In July 2019, the Consumer Financial Protection Bureau (“CFPB”) issued an update to its 2016 Advisory and Recommendations for Financial Institutions on Preventing and Responding to Elder Financial Exploitation (“Update”). The Update focuses on recent developments in state laws related to elder financial exploitation (“EFE”) and makes a number of recommendations to financial institutions on how to best handle EFE.
Developments in State Law
The Update highlighted four principal sets of state law developments.
As of April 2019, 26 states and the District of Columbia require financial institutions or certain financial professionals to report suspected EFE.

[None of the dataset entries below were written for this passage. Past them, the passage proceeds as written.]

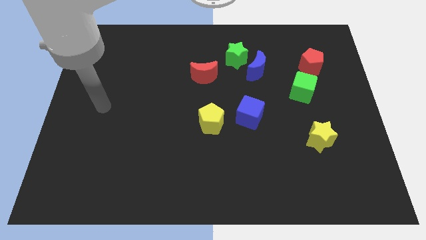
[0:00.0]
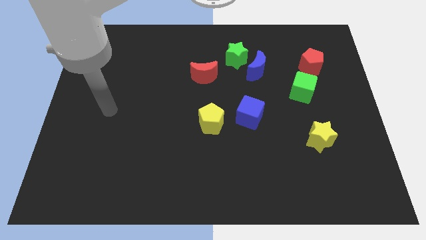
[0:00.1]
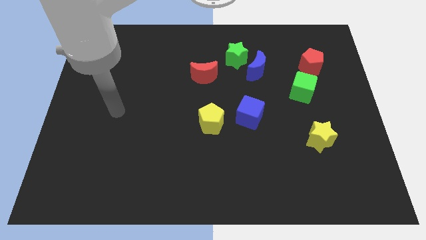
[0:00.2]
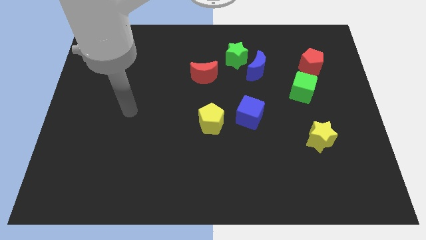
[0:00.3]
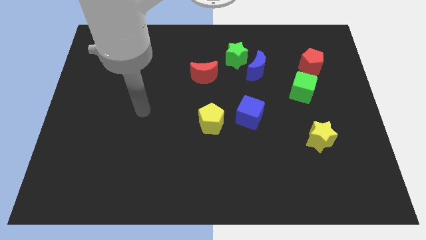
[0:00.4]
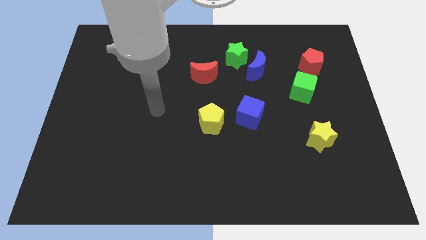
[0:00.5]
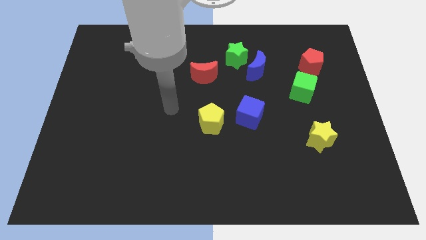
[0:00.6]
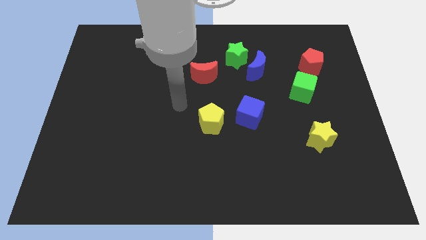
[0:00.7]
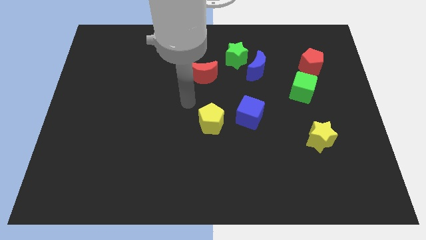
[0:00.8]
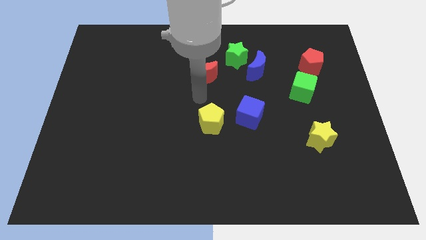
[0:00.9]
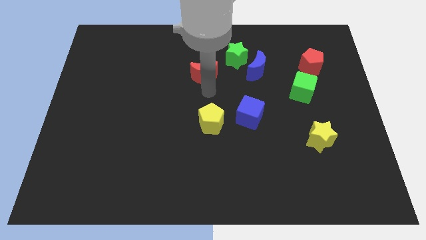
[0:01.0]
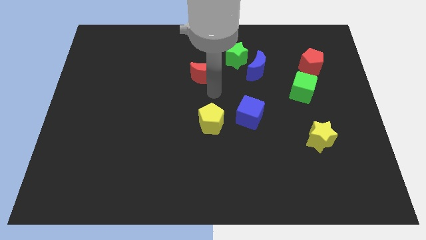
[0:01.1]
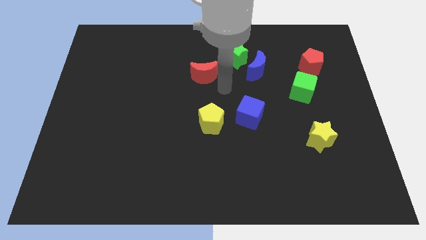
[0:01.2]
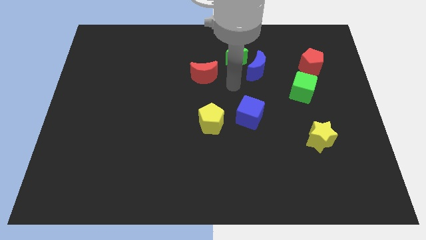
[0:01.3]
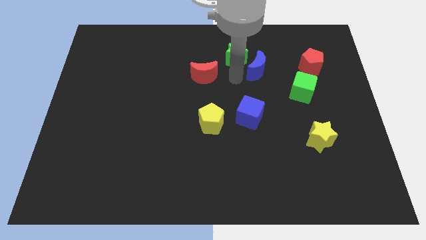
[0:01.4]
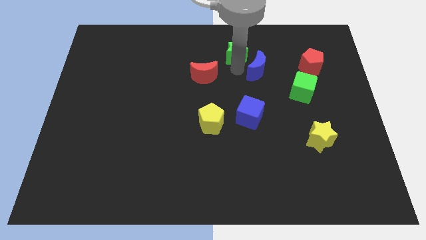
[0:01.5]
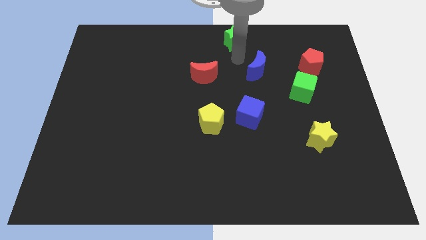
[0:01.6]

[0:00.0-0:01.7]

Since 2016, a substantial number of states have enacted legislation permitting delayed disbursements of funds or transaction holds when a financial institution believes that financial exploitation may occur. Generally, when a financial institution chooses to hold a transaction, it must report the suspected financial exploitation. Most states’ statutes apply only to broker/dealers, financial advisers, or others dealing in securities. Several states, however, also extend their statutes to depository institutions such as banks and credit unions.
Since 2016, Kentucky, Tennessee, Texas, and Utah have enacted new laws regarding the production of records to investigatory agencies. Kentucky and Texas (along with Illinois Minnesota, and Wisconsin) now require that financial institutions provide records related to suspected EFE to Adult Protective Services (“APS”) and law enforcement, either as part of a report or referral or upon request pursuant to an investigation. Tennessee and Utah (along with North Carolina) now require that financial institutions provide records related to suspected EFE to authorized investigatory agencies if the agency serves a subpoena. Additionally, Maryland and Washington permit, but do not require, financial institutions to provide records related to suspected EFE as part of a report or referral or upon request pursuant to an investigation.

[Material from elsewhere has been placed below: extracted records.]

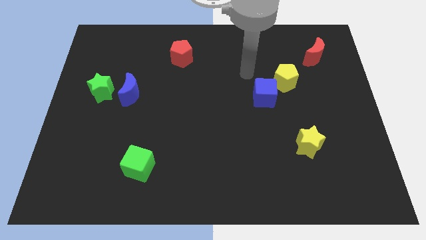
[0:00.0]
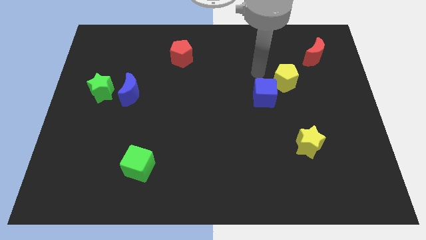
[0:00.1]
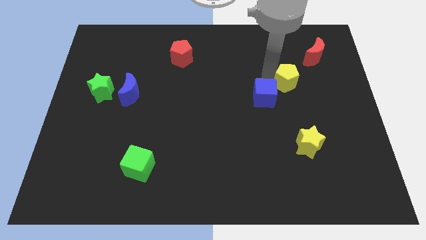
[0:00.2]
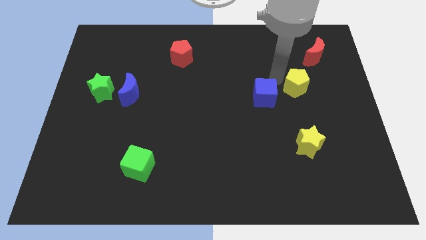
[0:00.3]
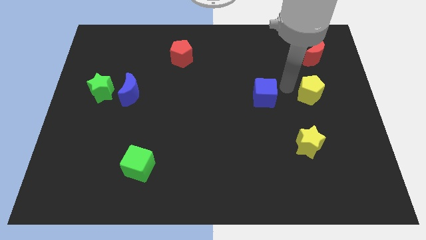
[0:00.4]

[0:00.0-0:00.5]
separate the blue cube from the yellow pentagon

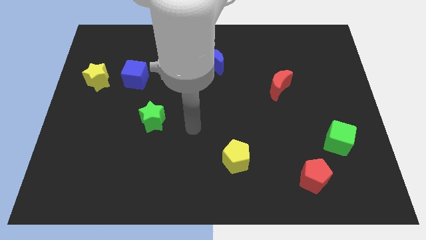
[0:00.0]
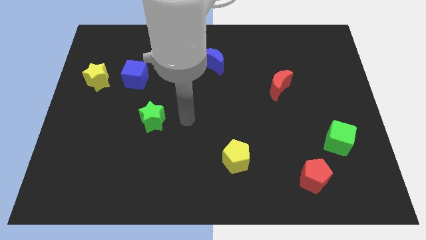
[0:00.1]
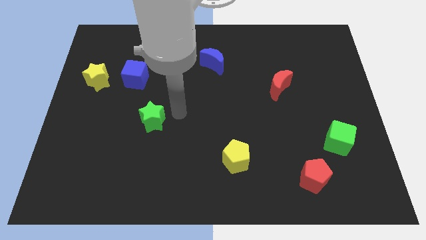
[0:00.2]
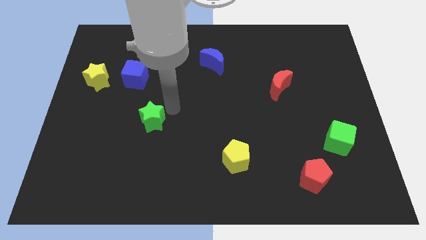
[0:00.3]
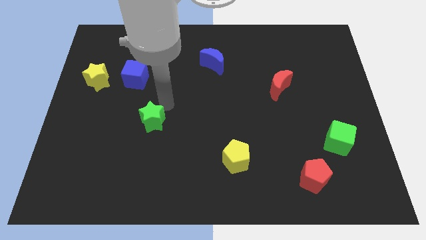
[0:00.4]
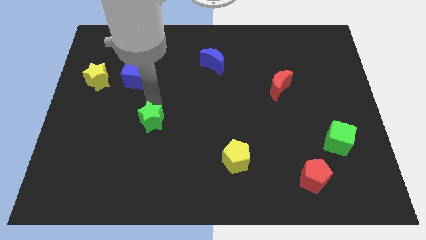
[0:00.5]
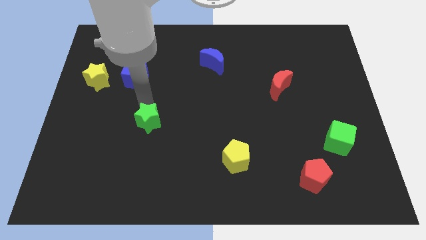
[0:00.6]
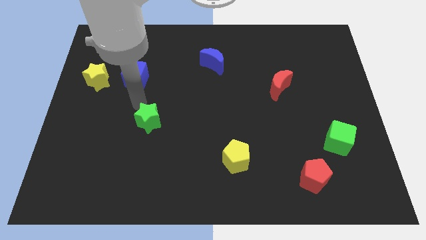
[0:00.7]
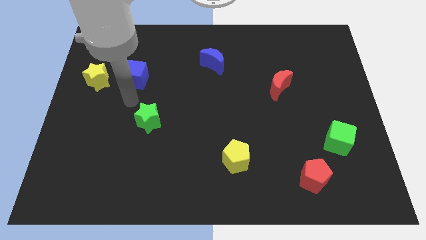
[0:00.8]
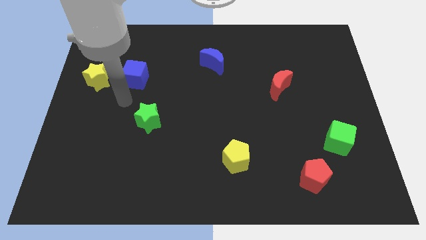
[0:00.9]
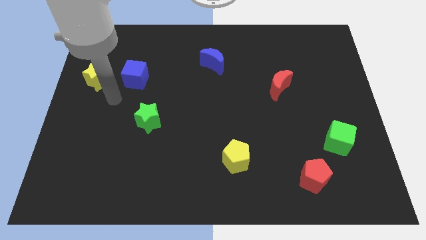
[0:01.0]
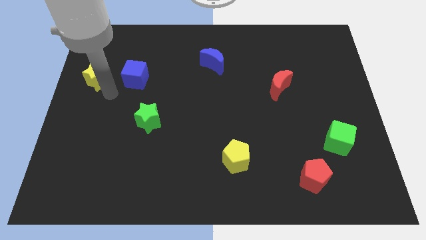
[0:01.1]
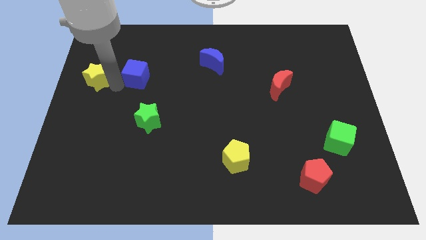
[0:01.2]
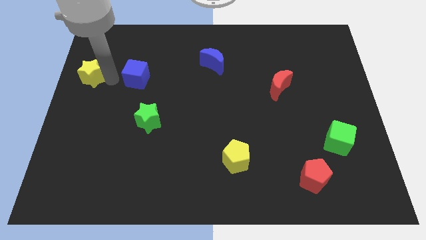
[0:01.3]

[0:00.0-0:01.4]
separate the blue cube from the yellow star

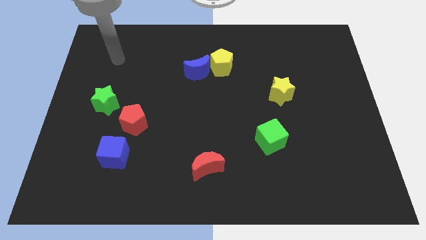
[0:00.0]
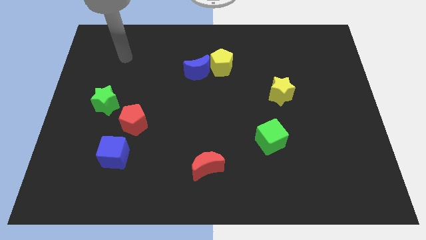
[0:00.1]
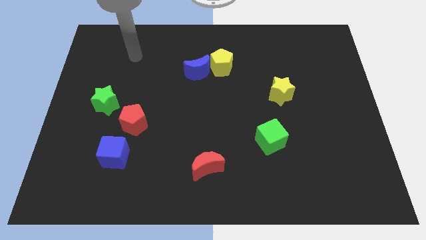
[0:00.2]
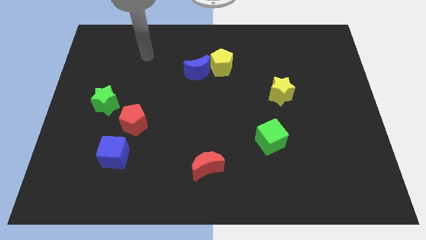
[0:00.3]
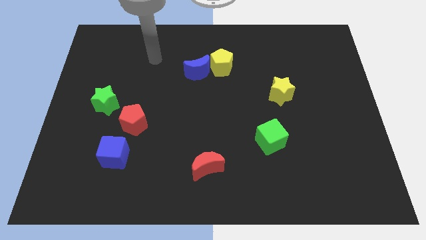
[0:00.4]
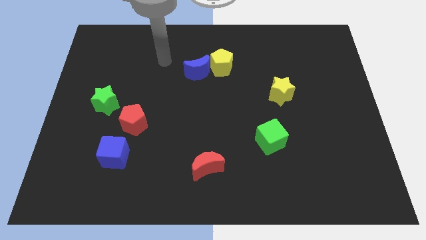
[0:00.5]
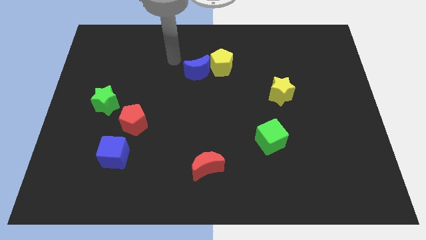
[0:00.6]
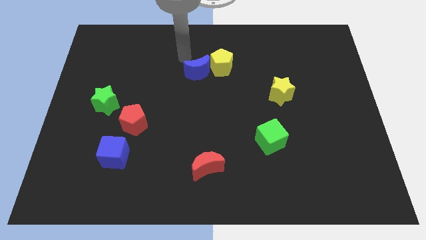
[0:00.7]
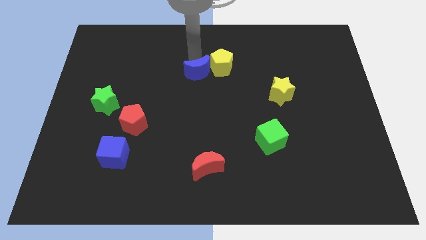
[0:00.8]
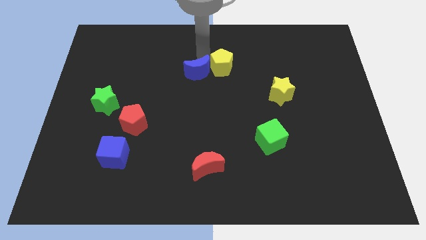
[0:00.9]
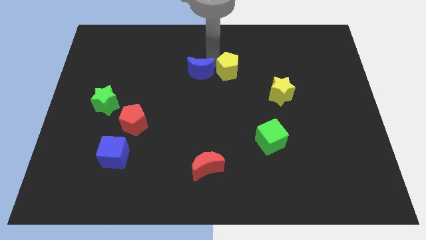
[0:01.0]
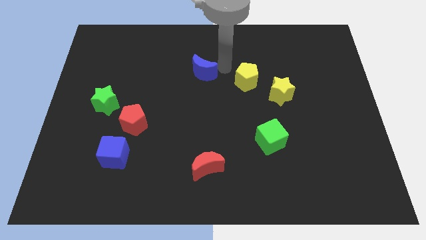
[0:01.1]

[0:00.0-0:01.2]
separate the blue moon from the yellow pentagon

Ohio now requires that employees of banks, savings banks, savings and loan associations, or credit unions, in addition to certain financial professionals, report suspected financial exploitation.
CFPB Recommendations to Financial Institutions
The CFPB also made a series of recommendations in the Update.
Protocols and Procedures:
First, financial institutions should develop and implement internal protocols and procedures for protecting account holders from EFE, including training requirements, procedures for making reports, compliance with the Electronic Fund Transfer Act as implemented by Regulation E, means of consent for information-sharing with trusted third parties, and procedures for collaborating with key stakeholders.
Second, financial institutions should harness technology to detect EFE by ensuring that their fraud detection systems include analyses of the types of products and account activity that may be associated with EFE risk.
Third, financial institutions should report suspected EFE to all appropriate local, state, or federal responders, regardless of whether reporting is mandatory or voluntary under state or federal law (which, in general, does not violate the privacy provisions of the Gramm-Leach-Bliley Act).
Fourth, financial institutions should file Suspicious Activity Reports (“SARs”) when the financial institution suspects EFE. When a financial institution files an EFE-related SAR, it should also report to APS and/or relevant law enforcement agencies. Financial institutions should work with their legal counsel to expedite their responses to requests for SAR supporting documentation by law enforcement and other agencies with authority to access SARs.
Fifth, financial institutions should collaborate with other stakeholders such as law enforcement, APS, and service organizations, as well as expedite documentation requests and provide financial records at no charge to APS and law enforcement when requested.
Finally, financial institutions should establish clear, efficient training protocols to enhance their capacity to prevent, detect, and respond to EFE. This training curriculum should include indicators of potential EFE, describe what actions to take when employees detect problems, and describe the roles of management, frontline staff, and other employees. A key benefit from following this suggestion is that under the Federal Senior Safe Act, which became effective in June 2018, an eligible financial institution[i] is not liable for disclosing suspected EFE to certain agencies if the institution has trained its employees on identifying EFE and the disclosure is made in good faith and with reasonable care by a trained employee.[ii]
These developments at the state level and recommendations by the CFPB strongly indicate a governmental full‑court press against EFE. While local, state, and federal agencies and law enforcement are all working to identify and address EFE, financial institutions play an integral role in the process. Financial institutions should ensure compliance with state law and should train their personnel to detect EFE and report suspected EFEs to relevant law enforcement and governmental agencies.
[i] Eligible institutions are depository institutions, credit unions, investment advisers, broker/dealers, insurance companies, insurance agencies, insurance advisers, and transfer agents.
[ii] Specifically, the training must: (1) instruct any individual attending the training on how to identify and report the suspected exploitation of a senior citizen internally and, as appropriate, to government officials or law enforcement authorities, including common signs that indicate the financial exploitation of a senior citizen; (2) discuss the need to protect the privacy and respect the integrity of each individual customer of the covered financial institution; and (3) be appropriate to the job responsibilities of the individual attending the training.